Bug 313411 – Update to UCD 4.1.0

After an evaluation, GNOME has moved from Bugzilla to GitLab. Learn more about GitLab.
No new issues can be reported in GNOME Bugzilla anymore.
To report an issue in a GNOME project, go to GNOME GitLab.
Do not go to GNOME Gitlab for: Bluefish, Doxygen, GnuCash, GStreamer, java-gnome, LDTP, NetworkManager, Tomboy.

Bug 313411 - Update to UCD 4.1.0


Summary:	Update to UCD 4.1.0


Status:	RESOLVED FIXED

Product:	gucharmap
Classification:	Core
Component:	general
Version:	unspecified
Hardware:	Other Linux

Importance:	Normal normal
Target Milestone:	---
Assigned To:	Noah Levitt
QA Contact:	Noah Levitt

URL:
Whiteboard:

Duplicates:	317164 (view as bug list)
Depends on:	313409
Blocks:

Reported:	2005-08-13 18:38 UTC by Behnam Esfahbod
Modified:	2005-11-29 12:26 UTC

See Also:
GNOME target:	---
GNOME version:	---

Attachments
Update of gucharmap/unicode-scripts.h for UCD 4.1.0 - Breaks String Freeze (43.58 KB, patch) 2005-08-15 20:39 UTC, Behnam Esfahbod	none	Details \| Review
Update of gucharmap/unicode-blocks.h for UCD 4.1.0 - Breaks String Freeze (4.50 KB, patch) 2005-08-15 20:41 UTC, Behnam Esfahbod	none	Details \| Review
Listing characters without script in "Unassigned" script instead of "Common" (5.08 KB, patch) 2005-11-18 15:50 UTC, Behnam Esfahbod	none	Details \| Review
Adds Common script support for Scripts.txt (for UCD >= 4.0.1) (7.72 KB, patch) 2005-11-20 22:01 UTC, Behnam Esfahbod	none	Details \| Review
BZ2 compressed of zwnj--gucharmap--unicode-.h--UCD-4.1--02.patch (775.42 KB, application/octet-stream) 2005-11-20 22:30 UTC, Behnam Esfahbod		Details

Description Behnam Esfahbod 2005-08-13 18:38:48 UTC

Of course it's needed.

Noah:  Gnome 2.12?

Comment 1 Behnam Esfahbod 2005-08-15 18:38:56 UTC

I wanted to attached the patch, but it's about 5MB.  I put it here:
http://zwnj.org/proj/gucharmap/zwnj--gucharmap--unicode-.h--01.patch


Noah, would you please commit it for gnome 2.12?

Behdad, would you take a look at it and the patch for gen?

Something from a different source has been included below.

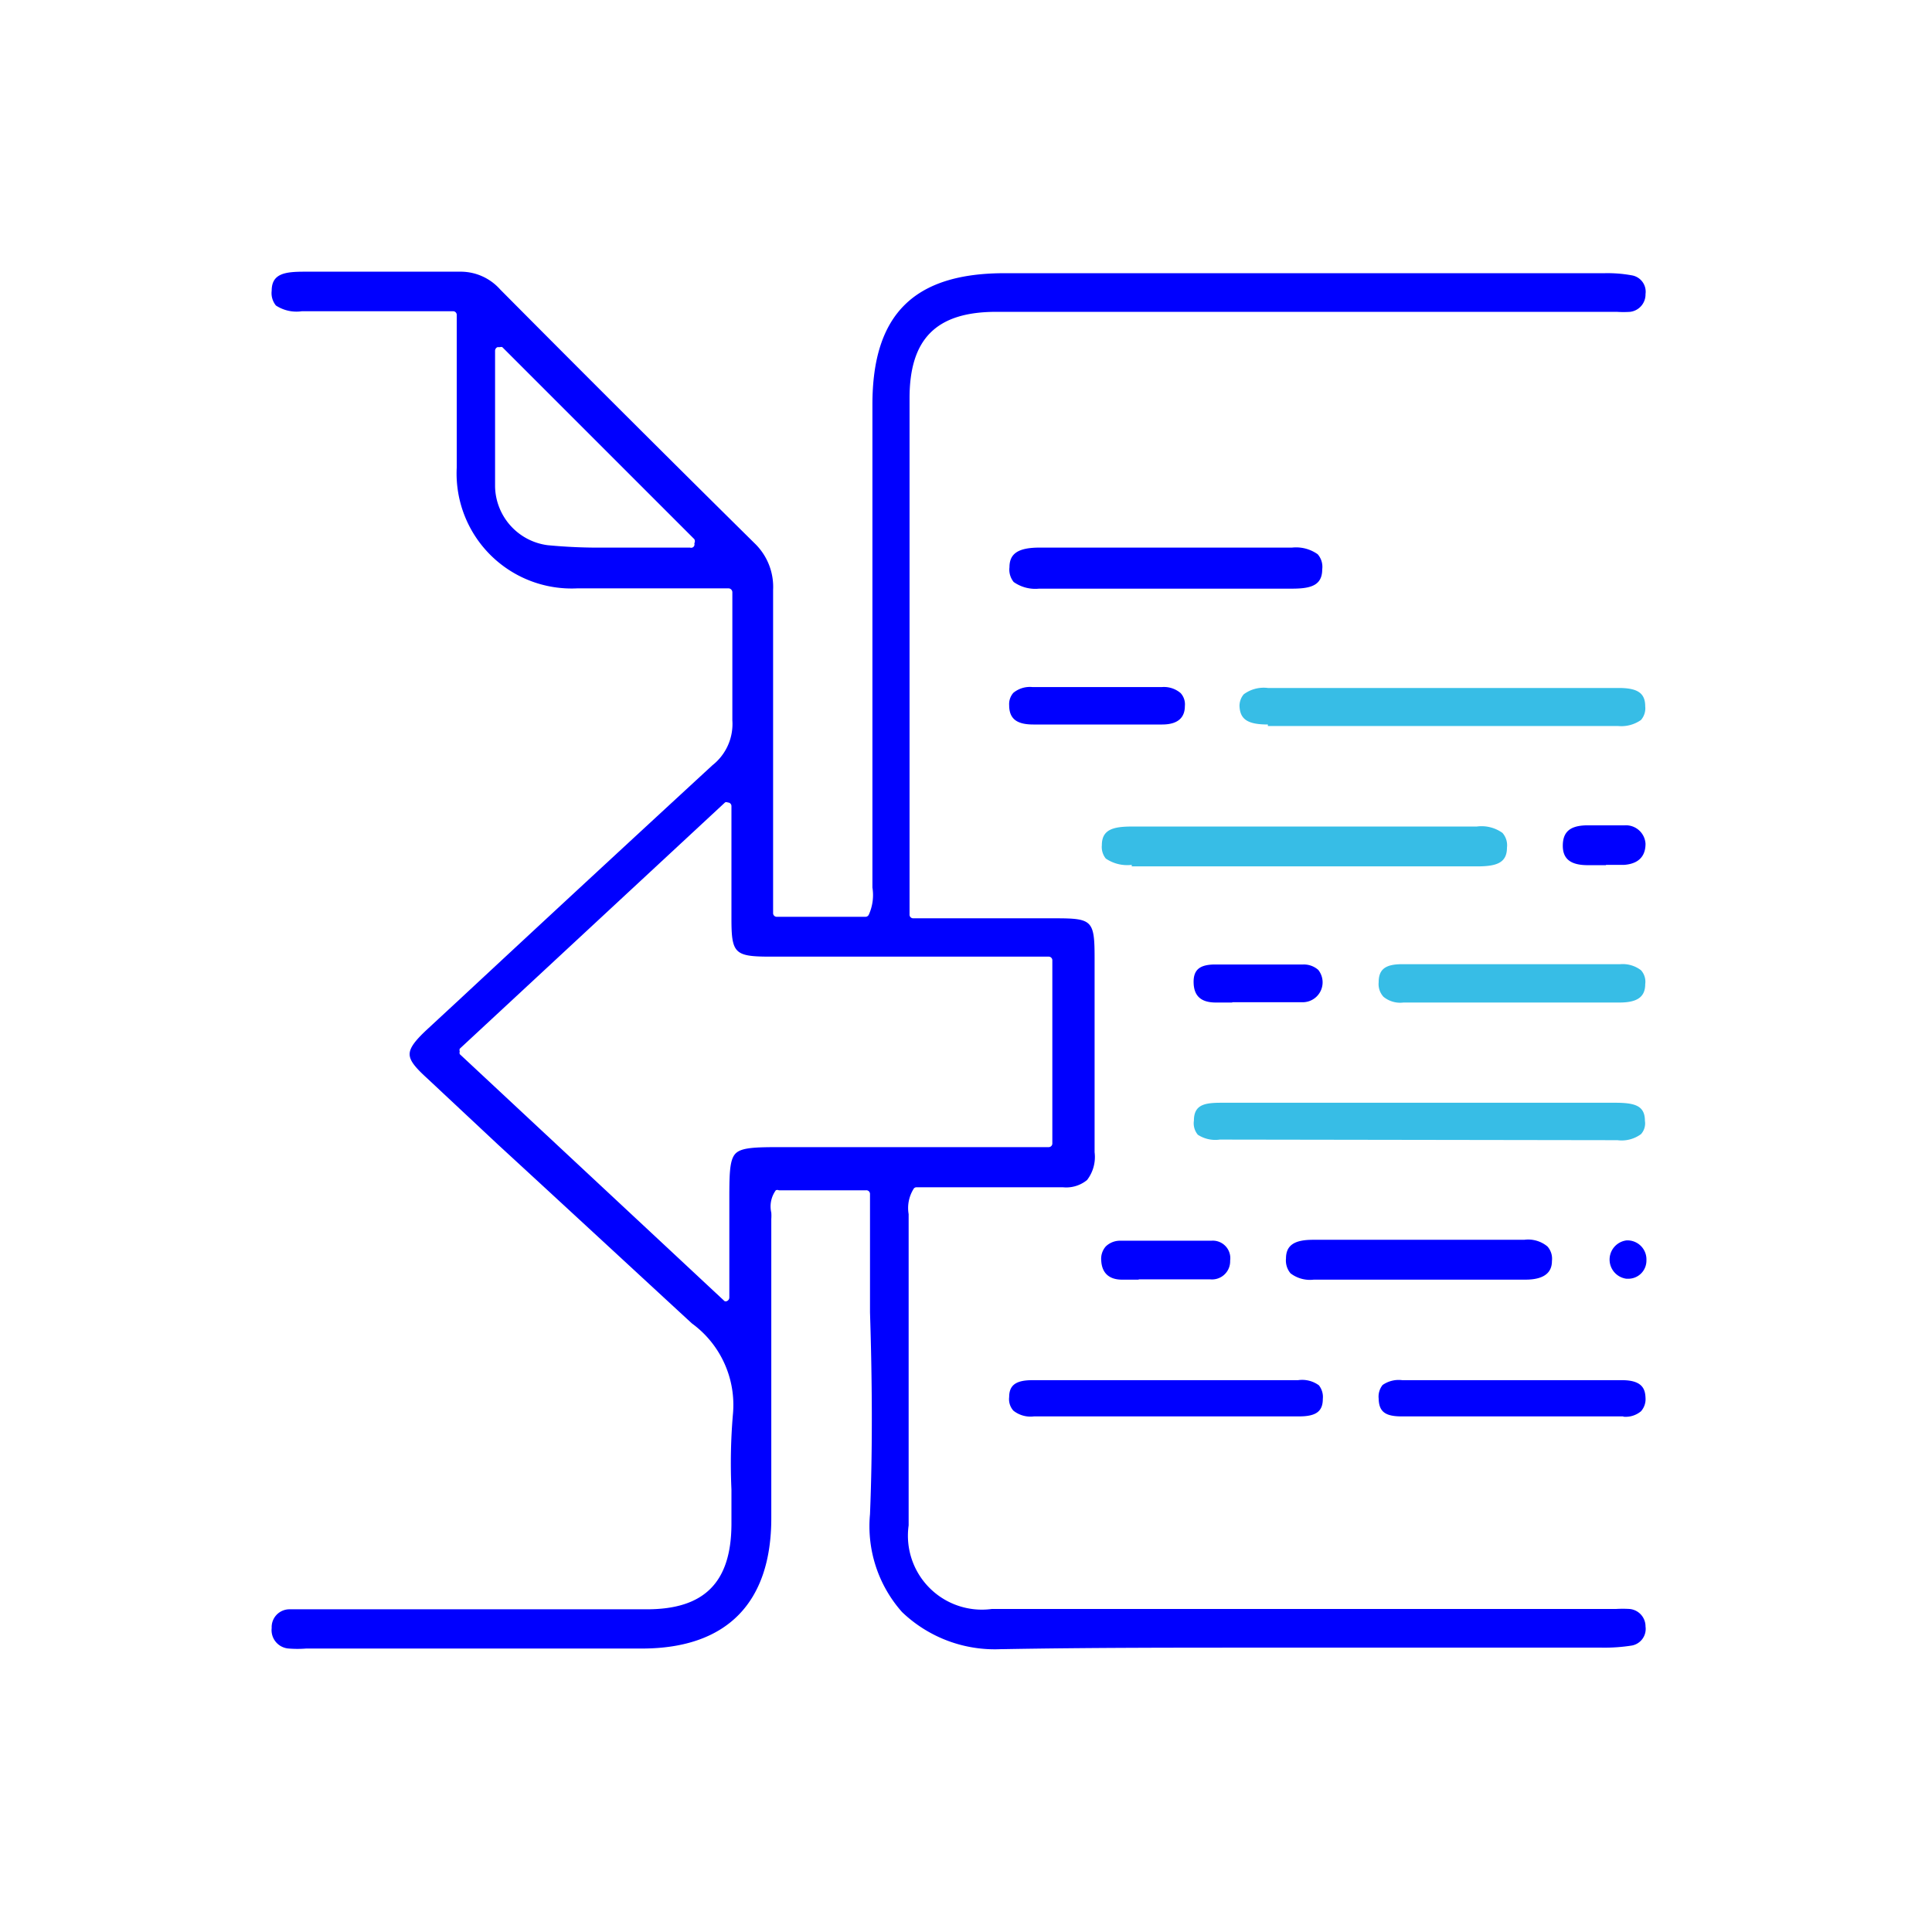 <svg xmlns="http://www.w3.org/2000/svg" viewBox="0 0 64 64"><defs><style>.cls-1{fill:blue;}.cls-2{fill:#37bde6;}</style></defs><g id="__Cotejo"><path class="cls-1" d="M16.53,11.5h-.05a.13.13,0,0,0-.08.12c0,.48,0,.95,0,1.41,0,1.07,0,2.08,0,3.09a2,2,0,0,0,1.74,1.94,17.78,17.78,0,0,0,1.9.08l1.38,0,1.44,0A.11.11,0,0,0,23,18a.14.14,0,0,0,0-.14l-6.36-6.36a.12.12,0,0,0-.08,0ZM24.1,26.58a.11.11,0,0,0-.08,0l-8.79,8.16a.13.13,0,0,0,0,.09.15.15,0,0,0,0,.09L24,43.1a.09.09,0,0,0,.08,0h0a.13.13,0,0,0,.08-.12V39.83c0-.89,0-1.38.19-1.6S25,38,25.9,38h8.84a.12.12,0,0,0,.12-.12V31.81a.12.12,0,0,0-.12-.12H25.53c-1.2,0-1.3-.1-1.3-1.27V26.7a.12.12,0,0,0-.08-.11Zm9.07,28.05a4.44,4.44,0,0,1-3.29-1.23,4.28,4.28,0,0,1-1.06-3.24c.09-2.22.07-4.49,0-6.69,0-1,0-1.94,0-2.92v-1a.12.12,0,0,0-.13-.12H25.8a.12.12,0,0,0-.1,0,.91.91,0,0,0-.15.74,1.48,1.48,0,0,1,0,.21v9.91c0,2.81-1.48,4.31-4.26,4.32H10.14a3.57,3.57,0,0,1-.57,0A.61.61,0,0,1,9,53.93a.59.59,0,0,1,.59-.62H21.43c1.9,0,2.79-.89,2.8-2.81,0-.38,0-.77,0-1.16a19,19,0,0,1,.05-2.5,3.34,3.34,0,0,0-1.36-3c-2.17-2-4.33-4-6.43-5.93l-2.34-2.19c-.43-.39-.58-.6-.58-.8s.16-.43.58-.82l1.08-1q4.17-3.88,8.37-7.75a1.74,1.74,0,0,0,.66-1.49c0-.95,0-1.91,0-2.9V19.62a.13.13,0,0,0-.13-.13h-5a3.81,3.81,0,0,1-4-4c0-1.11,0-2.22,0-3.37V10.43a.12.12,0,0,0-.12-.12H10a1.24,1.24,0,0,1-.86-.19A.65.65,0,0,1,9,9.63C9,9.05,9.46,9,10.1,9h5.13a1.75,1.75,0,0,1,1.34.59Q20.76,13.81,25,18a2,2,0,0,1,.61,1.54c0,2.66,0,5.31,0,8v2.71a.12.12,0,0,0,.12.12h2.94a.12.12,0,0,0,.11-.07,1.57,1.57,0,0,0,.12-.9c0-.09,0-.18,0-.26q0-4.87,0-9.74v-6c0-3,1.39-4.35,4.38-4.35H53.16a4.45,4.45,0,0,1,.89.07.55.55,0,0,1,.46.62.58.58,0,0,1-.51.59,3.31,3.31,0,0,1-.44,0H33c-2,0-2.87.91-2.87,2.86v17.1a.12.12,0,0,0,.12.13h4.69c1.25,0,1.32.06,1.32,1.34v2c0,1.47,0,2.94,0,4.41a1.25,1.25,0,0,1-.25.92,1.09,1.09,0,0,1-.8.24c-.73,0-1.39,0-2,0H30.36a.11.11,0,0,0-.1.06,1.2,1.2,0,0,0-.16.83v.2c0,3.37,0,6.74,0,10.11a2.45,2.45,0,0,0,2.75,2.77H53.52a3.7,3.7,0,0,1,.47,0,.58.58,0,0,1,.52.58.56.56,0,0,1-.45.63,5.76,5.76,0,0,1-1,.07l-11.37,0c-2.82,0-5.64,0-8.45.05Z"/><path class="cls-2" d="M37.49,28.65a1.26,1.26,0,0,1-.86-.21A.61.61,0,0,1,36.5,28c0-.52.37-.62,1-.62H48.92a1.19,1.19,0,0,1,.85.21.62.62,0,0,1,.15.49c0,.52-.37.62-1,.62H37.49Z"/><path class="cls-2" d="M40.41,37.75a1.06,1.06,0,0,1-.73-.16.59.59,0,0,1-.13-.47c0-.55.39-.59.94-.59h13c.66,0,1,.09,1,.6a.53.53,0,0,1-.13.44,1.08,1.08,0,0,1-.78.2Z"/><path class="cls-2" d="M42,24c-.67,0-.92-.17-.94-.61A.6.6,0,0,1,41.2,23a1.11,1.11,0,0,1,.8-.21H53.62c.63,0,.88.17.88.61a.59.59,0,0,1-.14.45,1.13,1.13,0,0,1-.76.2H42Z"/><path class="cls-1" d="M34.42,19.5a1.24,1.24,0,0,1-.84-.22.65.65,0,0,1-.14-.49c0-.46.3-.65,1-.65H42.8a1.24,1.24,0,0,1,.85.22.63.63,0,0,1,.15.5c0,.53-.37.64-1,.64H34.42Z"/><path class="cls-1" d="M34.25,46.92a.91.91,0,0,1-.68-.19.57.57,0,0,1-.14-.45c0-.4.23-.56.77-.56H43a.94.94,0,0,1,.69.17.62.62,0,0,1,.13.45c0,.42-.23.58-.79.58H34.25Z"/><path class="cls-1" d="M43.52,42.39a1.06,1.06,0,0,1-.77-.21.66.66,0,0,1-.15-.49c0-.44.28-.62.89-.62h7a1,1,0,0,1,.77.22.61.61,0,0,1,.15.48c0,.26-.11.62-.88.62h-7Z"/><path class="cls-1" d="M53.77,46.92H46.43c-.55,0-.75-.16-.76-.59a.62.62,0,0,1,.13-.45.93.93,0,0,1,.65-.16h5.77l1.51,0h0c.69,0,.77.31.78.59a.6.6,0,0,1-.15.44.79.79,0,0,1-.58.18Z"/><path class="cls-2" d="M53.62,33.21H46.49a.87.87,0,0,1-.66-.19.62.62,0,0,1-.16-.48c0-.43.22-.6.78-.6h7.22a1,1,0,0,1,.69.2.57.57,0,0,1,.14.46c0,.43-.27.61-.85.61Z"/><path class="cls-1" d="M34.23,24c-.55,0-.8-.19-.8-.64a.56.56,0,0,1,.14-.41.86.86,0,0,1,.63-.19h4.29a.85.85,0,0,1,.62.2.55.55,0,0,1,.14.43c0,.51-.41.61-.75.61H34.23Z"/><path class="cls-1" d="M37.72,42.39h-.55c-.45,0-.67-.24-.69-.63a.62.62,0,0,1,.15-.47.68.68,0,0,1,.47-.19c.5,0,1,0,1.5,0s1,0,1.53,0a.58.58,0,0,1,.62.66.6.6,0,0,1-.66.62c-.2,0-.4,0-.59,0H37.72Z"/><path class="cls-1" d="M40.82,33.21h-.54c-.5,0-.73-.22-.74-.66s.22-.59.68-.6l1.37,0,1.58,0a.72.72,0,0,1,.5.18.66.66,0,0,1-.54,1.07H40.82Z"/><path class="cls-1" d="M53.2,28.66h-.6c-.59,0-.84-.22-.83-.67s.26-.65.83-.65h1.22a.65.65,0,0,1,.69.61c0,.57-.43.68-.71.7l-.6,0Z"/><path class="cls-1" d="M53.88,42.36a.64.64,0,0,1,0-1.27h0a.63.63,0,0,1,.66.66.6.6,0,0,1-.61.61Z"/></g></svg>

Comment 2 Noah Levitt 2005-08-15 20:09:21 UTC

Behnam, this is fantastic, thank you. Some things:

 - getting some warnings like this: (lt-gucharmap:5839): Pango-CRITICAL **:
pango_context_get_matrix: assertion `PANGO_IS_CONTEXT (context)' failed

 - the first character that shows up under the "Common" script for me is U+0242,
not sure what happened to U+0000 &c. 

 - if the patch is applied now won't it break string freeze?

Comment 3 Behdad Esfahbod 2005-08-15 20:13:56 UTC

Noah,  The warning may be what I reported and Owen fixed a while back.  Check
Pango ChangeLog for example.

About string freeze, yes.  We were thinking about asking for a permission.  We
are pushing 4.1 into Pango for 2.12, and makes a lot of sense here.  I'll go
ahead and ask the i18n list.  But the only way they may agree is that the patch
is applied today.  At least the parts that affect translation.  AFAI guess the
only visible change is the script names, right?  that means some 10 new items...
 that should be fine.  We can apply that part of the patch today and work out
the rest.

What do you think?

Comment 4 Noah Levitt 2005-08-15 20:24:14 UTC

Behdad, that sounds good, you can commit the script names. You have my
permission and gratitude.

Comment 5 Behnam Esfahbod 2005-08-15 20:39:41 UTC

Created attachment 50741 [details] [review]
Update of gucharmap/unicode-scripts.h for UCD 4.1.0 - Breaks String Freeze

It has 8 new translatable string.

Comment 6 Behnam Esfahbod 2005-08-15 20:41:17 UTC

Created attachment 50742 [details] [review]
Update of gucharmap/unicode-blocks.h for UCD 4.1.0 - Breaks String Freeze

It has 21 new/changed translatable strings too.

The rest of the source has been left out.